Tag Archives: solr

The collection is dead! Long live the collection!

“The collection is dead! Long live the collection!”  That summarises my current thoughts and feelings about the collection hierarchy structure in DSpace.

When first installed, DSpace shows its need for a community and collection hierarchy, because without at least one community, containing at least one collection, it is impossible to even submit an item.  Therefore, from day one, DSpace repository managers get used to creating collections, giving them names, and creating a hierarchy.  Having created a first community with its first collection, it seems silly to have just a single community and collection.  So the repository managers creates a larger hierarchy – often mimicking the organisational structure of their institution.  Often this hierarchy extends down to departments, research groups, even individuals.

And the repository manager feels good.  There is structure which will give people a sense of belonging, and more importantly, ownership of ‘their collection’.  This will help them gather content for their repository by helping the individual or research group feel that it is their space.
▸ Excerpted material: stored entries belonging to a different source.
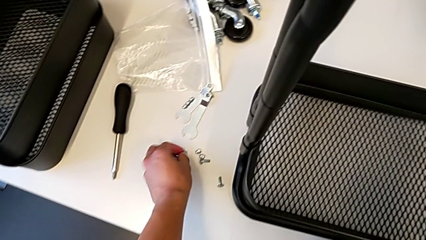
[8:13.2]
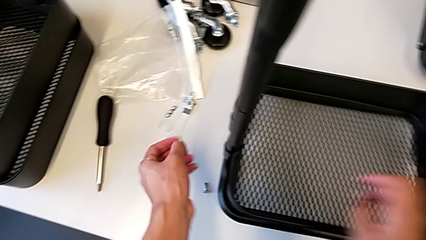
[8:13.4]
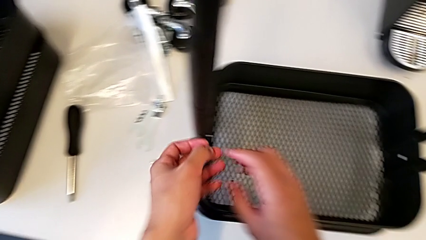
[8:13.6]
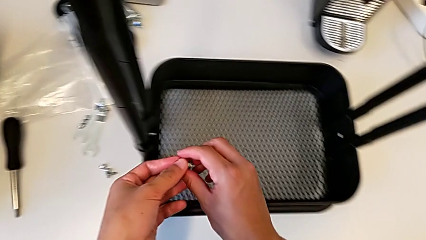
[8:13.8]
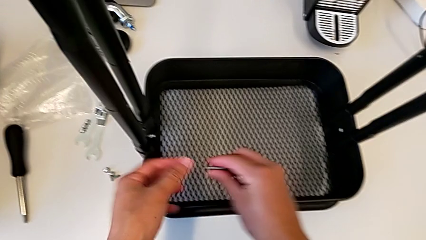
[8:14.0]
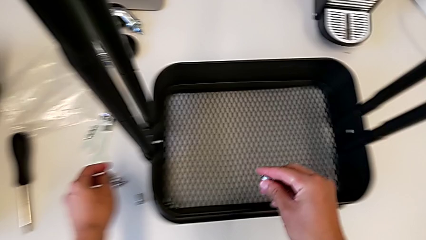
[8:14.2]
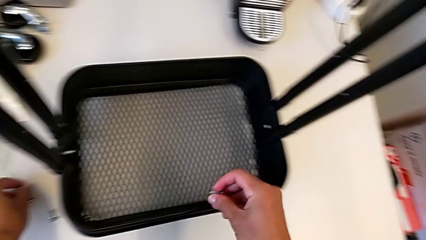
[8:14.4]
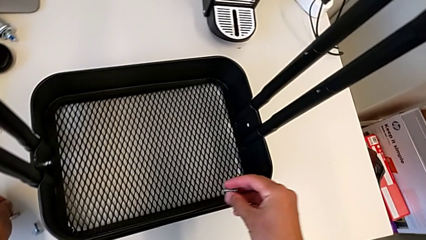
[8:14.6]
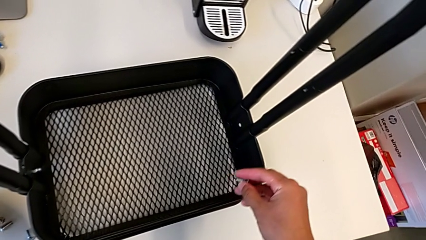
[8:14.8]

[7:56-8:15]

Very often of course it means that a repository has a lot of structure with empty collections.  Also it leads to other problems – what about theses?  We want them to appear in their department’s collection, but also to appear in our central library thesis collection for harvesting by a service such as EThOS.  Or what a about an article that has been co-authored by people across different departments?  Or departments that move around in the organisation.  This collection structure is starting to feel a bit inflexible and restrictive!  What started of as a useful tool that made us feel ‘organised’, now feels the opposite.

Luckily, help is now at hand!  Since version 1.7 DSpace has included the ‘discovery’ module.  This is nothing ground-breaking as such, just a faceted search feature using solr contributed to DSpace by atmire.  The real beauty and power of faceted search comes with their ability to make ‘virtual collections’.  You want a collection of theses published by the faculty of science: sure – just link to the type:thesis + faculty:science facet search result page.  You want a collection for Prof. S Smith?  No problem, link to the author:s. smith faceted search result page.  Want a collection of the ‘recent’ publications of a department?  Just link to the department:foobar + year:2011.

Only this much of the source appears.